In Zukunft ist es durchaus denkbar, dass Apps viele Daten des Patienten sammeln, die in unseren Smartphones ununterbrochen gespeichert werden. Anhand dieser Daten können eigenständige, sogenannte Gesundheitsroboter „Health Bots“ dem Patienten gezielte Empfehlungen für sein Verhalten geben oder ihm raten, wann er einen Arzt konsultieren sollte. Möglich ist aber auch der umgekehrte Weg: Genauso gut könnten wir über die Apps mit unseren Patienten kommunizieren und auf der Basis der gleichen zur Verfügung stehenden Daten sehr schnell entscheiden, welchen Patienten wir häufiger, welchen aber vielleicht weniger häufig sehen müssen.

Kann das vielleicht sogar die Diabetologie patientennäher, gezielter, einfacher und auch erfolgreicher machen?
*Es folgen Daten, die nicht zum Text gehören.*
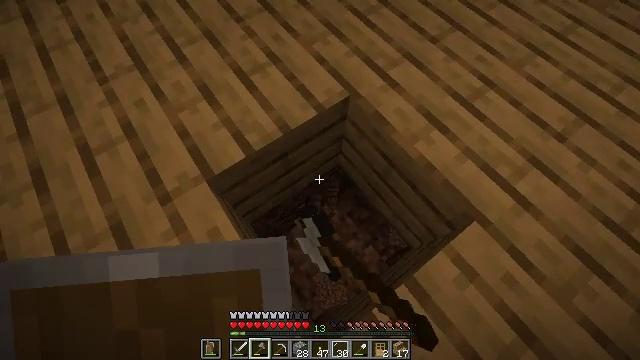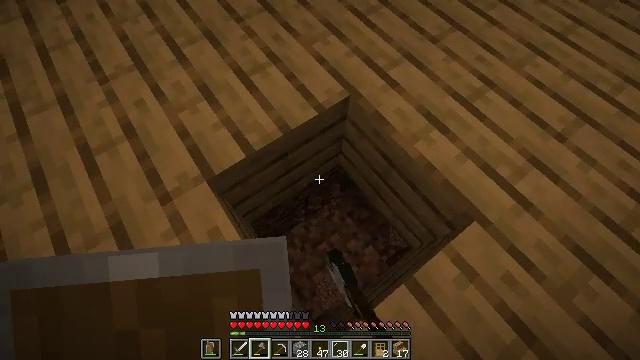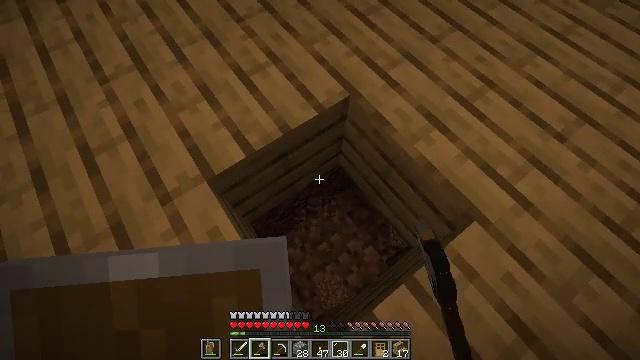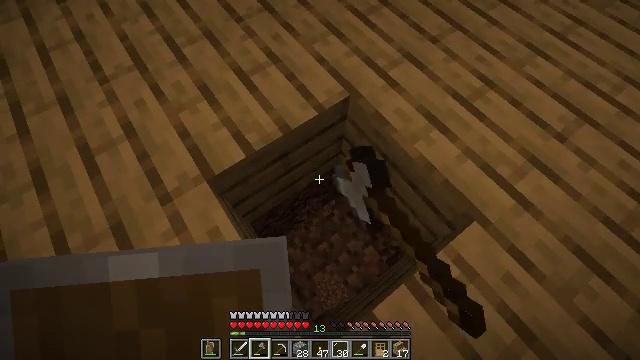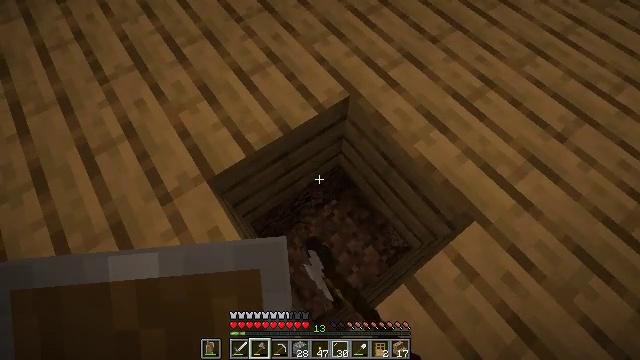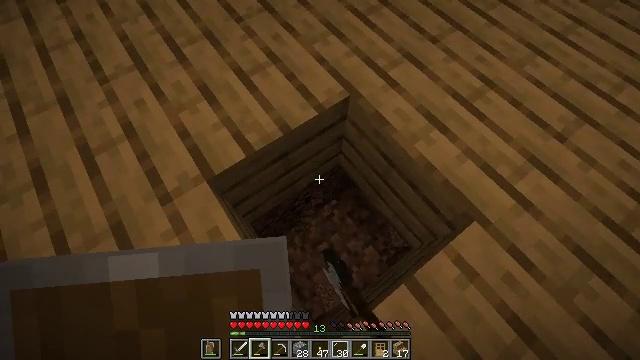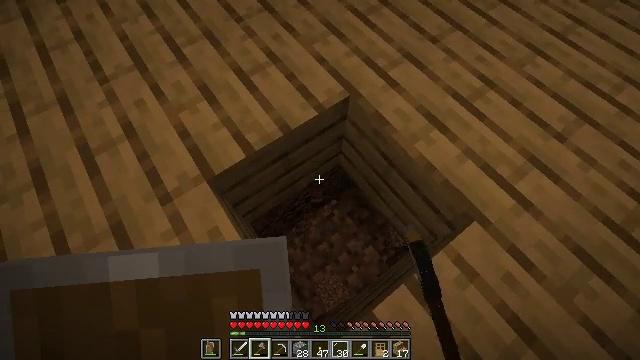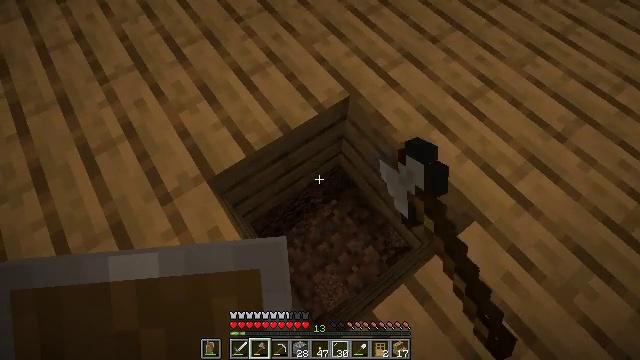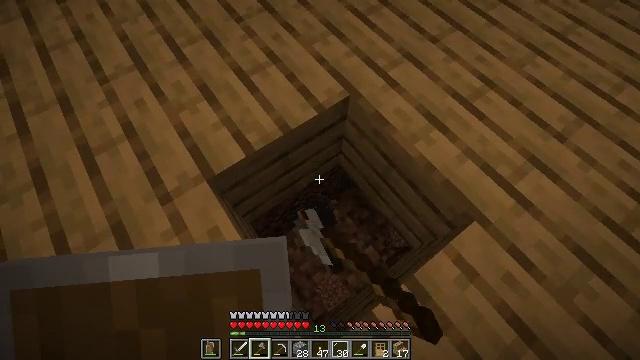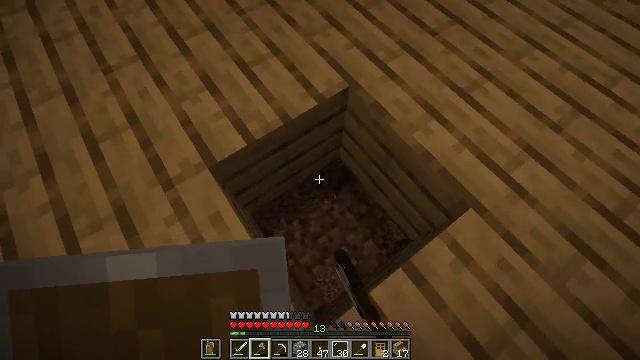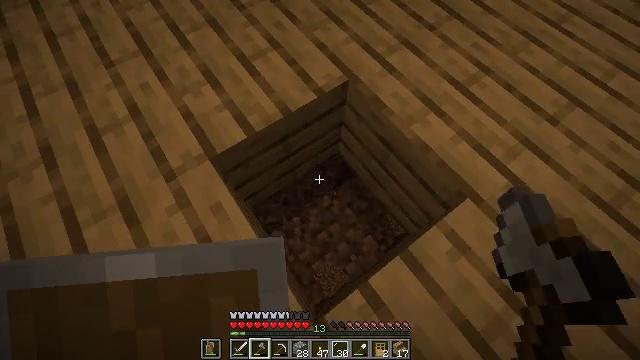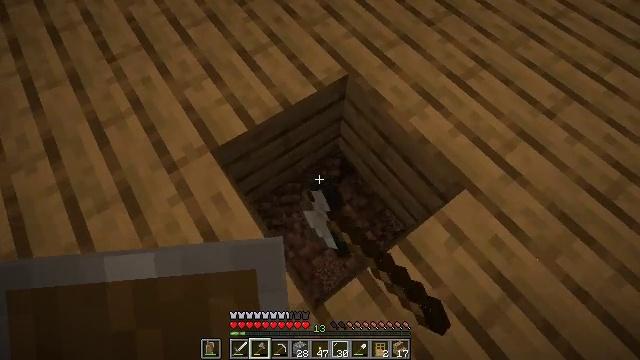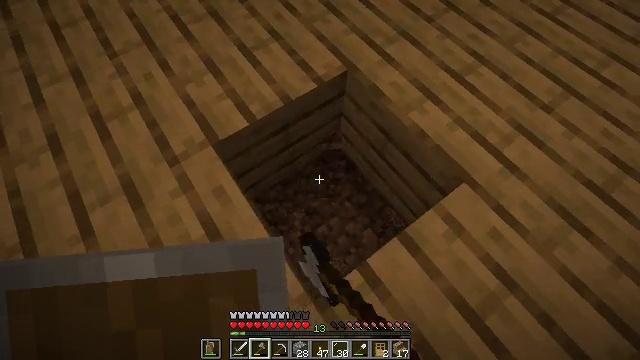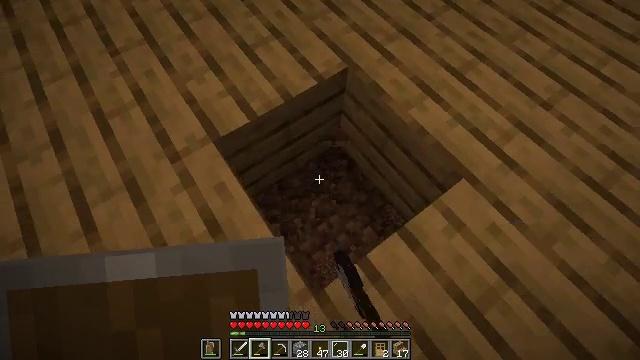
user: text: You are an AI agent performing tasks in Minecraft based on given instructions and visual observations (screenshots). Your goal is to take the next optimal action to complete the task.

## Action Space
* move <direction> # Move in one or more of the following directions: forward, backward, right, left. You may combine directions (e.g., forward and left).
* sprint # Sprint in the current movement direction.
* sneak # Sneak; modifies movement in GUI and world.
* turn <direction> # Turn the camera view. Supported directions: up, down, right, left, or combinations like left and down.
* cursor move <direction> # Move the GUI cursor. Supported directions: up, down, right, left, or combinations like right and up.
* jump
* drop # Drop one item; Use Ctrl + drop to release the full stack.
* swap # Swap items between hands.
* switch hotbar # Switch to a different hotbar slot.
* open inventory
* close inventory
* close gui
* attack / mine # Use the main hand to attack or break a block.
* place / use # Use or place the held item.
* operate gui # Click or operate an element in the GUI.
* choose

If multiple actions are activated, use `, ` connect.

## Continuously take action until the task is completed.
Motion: motion action
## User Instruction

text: Gather dirt.
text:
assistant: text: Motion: sneak, attack / mine
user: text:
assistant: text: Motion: sneak, attack / mine
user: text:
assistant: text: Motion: sneak, attack / mine
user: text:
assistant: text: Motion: sneak, attack / mine
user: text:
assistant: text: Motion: sneak, attack / mine
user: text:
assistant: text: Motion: sneak, attack / mine
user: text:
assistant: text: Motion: sneak, attack / mine
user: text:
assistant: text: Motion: move back, sneak, attack / mine
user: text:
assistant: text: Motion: move back, sneak, attack / mine
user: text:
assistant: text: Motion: move back, sneak, attack / mine
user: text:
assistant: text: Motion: move back, sneak, attack / mine
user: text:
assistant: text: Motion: sneak, attack / mine
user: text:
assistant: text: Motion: sneak, attack / mine
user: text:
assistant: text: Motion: sneak, attack / mine

Ich denke, die Chance ist nie so gut gewesen, wie heute! Diabetes.de hat – wie andere Fachgesellschaften auch – eine Arbeitsgruppe eingerichtet, die sich der Bewertung von Apps stellt. Wir müssen es schaffen, einen Qualitätsstandard für digitale Produkte und Apps zu entwickeln, der es dem Patienten einfach macht, die richtigen Produkte auszuwählen. Noch läuft vieles unkoordiniert und einheitliche Bewertungsmaßstäbe fehlen.
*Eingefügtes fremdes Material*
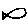
Label: fish
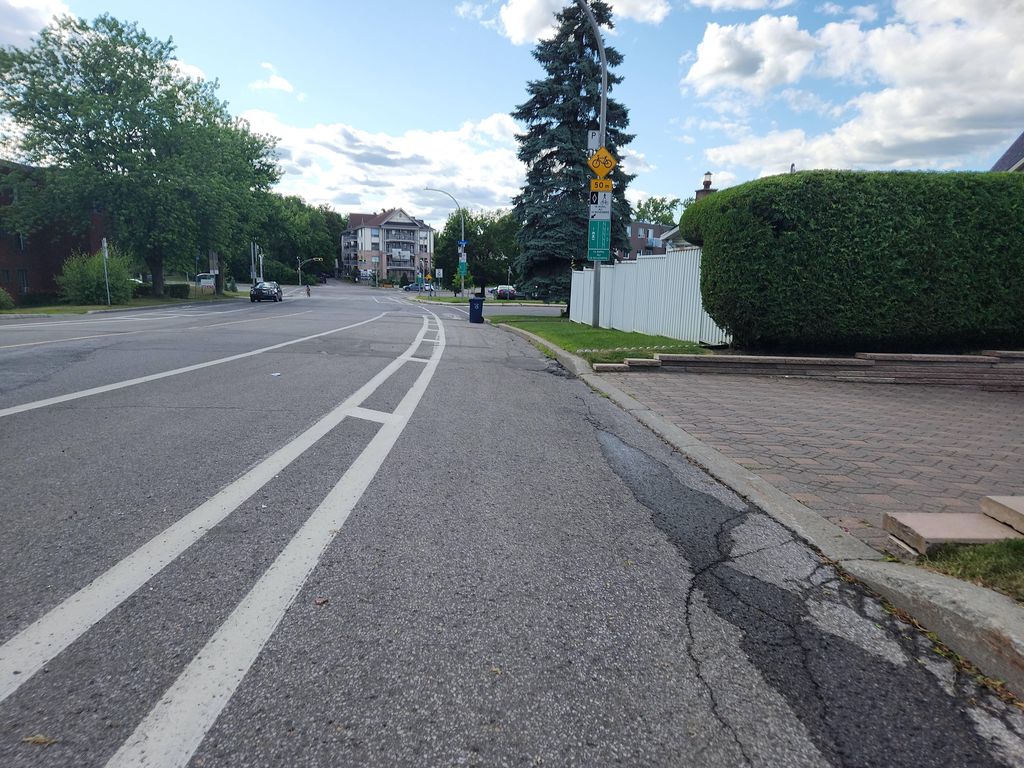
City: montreal

Google und Facebook werden den vorgezeichneten Weg zweifellos weiter beschreiten, aber das eigentliche Gehirn, einen solchen Prozess klug zu gestalten, haben wir Mediziner. Wenn wir allerdings schweigen, überlassen wir das Feld den anderen. Und dieses Szenario sieht in meinen Augen nicht sonderlich gut aus. Lassen Sie uns also gemeinsam eine Diskussion über das Für und Wider von Qualitätsstandards und den sinnvollen Einsatz digitaler Produkten starten. Ich glaube, wir sollten all dies in ärztlicher Hand halten und die digitale medizinische Therapie keinesfalls allein den sozialen Netzwerken überlassen.

Fragen Sie doch beim nächsten Mal nach, welche Apps Ihr Patient nutzt. Machen Sie sich ein eigenes Bild. Sie werden erstaunt sein, wie viele Patienten im Alltag Gesundheitsdaten speichern, diese auswerten und vieles, wovon wir in der Diabetologie in puncto Selbstmanagement in den letzten Dekaden geträumt haben, heute schon intuitiv leben!